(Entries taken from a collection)
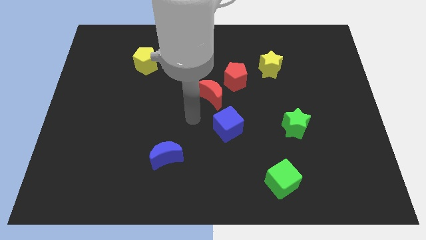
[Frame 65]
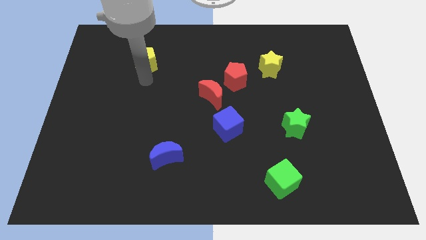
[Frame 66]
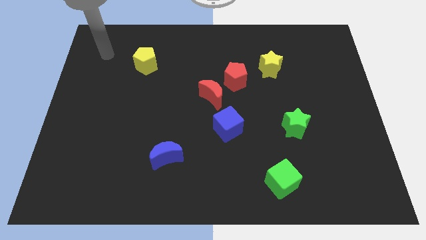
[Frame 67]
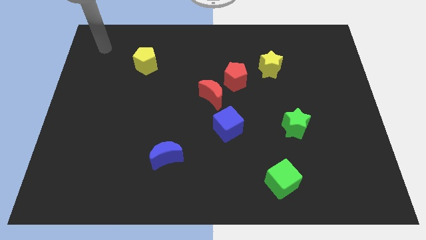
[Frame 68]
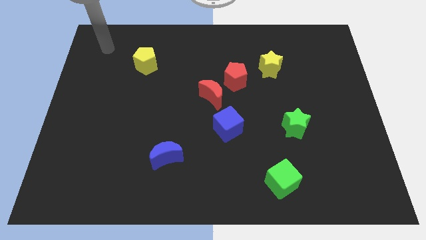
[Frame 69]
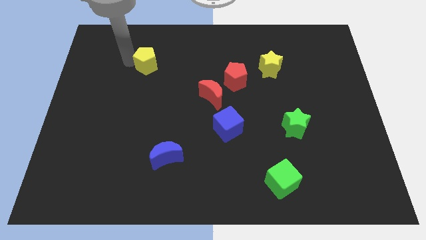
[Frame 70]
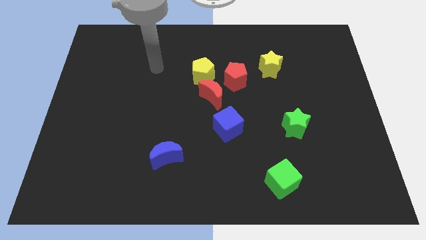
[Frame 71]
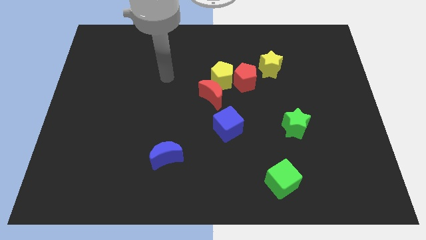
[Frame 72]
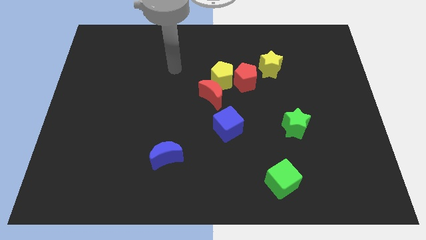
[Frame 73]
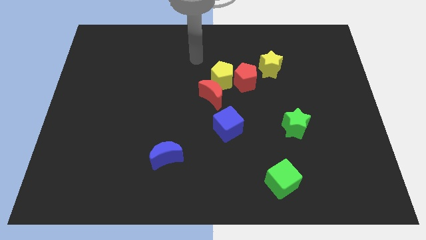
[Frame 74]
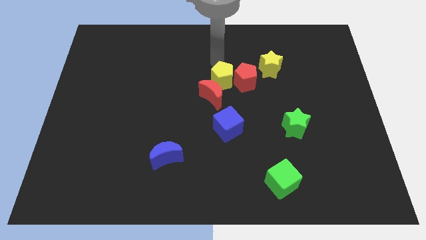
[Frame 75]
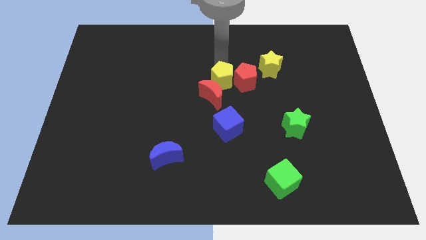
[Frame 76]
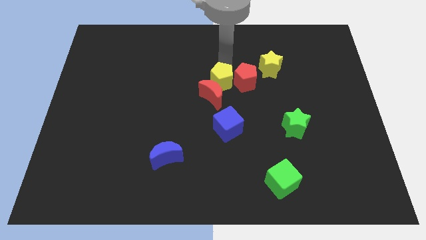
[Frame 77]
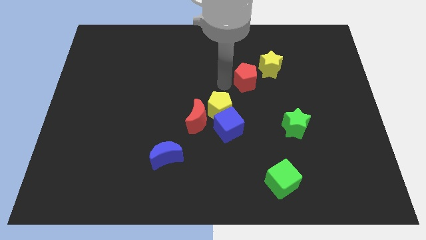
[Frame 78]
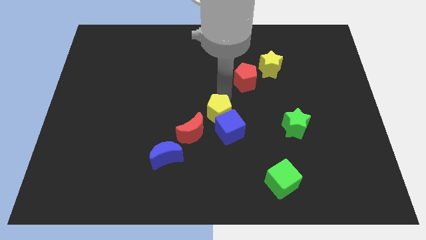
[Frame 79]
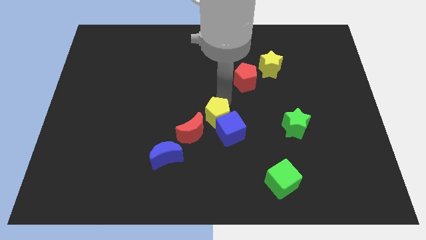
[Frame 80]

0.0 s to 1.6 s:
move the yellow pentagon to the blue cube

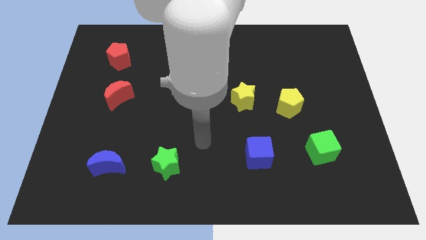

_Exercise prompt_
Repeat every line above precisely; pictures do not belong in the copy.

_Solution to this problem_
[Frame 65]
[Frame 66]
[Frame 67]
[Frame 68]
[Frame 69]
[Frame 70]
[Frame 71]
[Frame 72]
[Frame 73]
[Frame 74]
[Frame 75]
[Frame 76]
[Frame 77]
[Frame 78]
[Frame 79]
[Frame 80]

0.0 s to 1.6 s:
move the yellow pentagon to the blue cube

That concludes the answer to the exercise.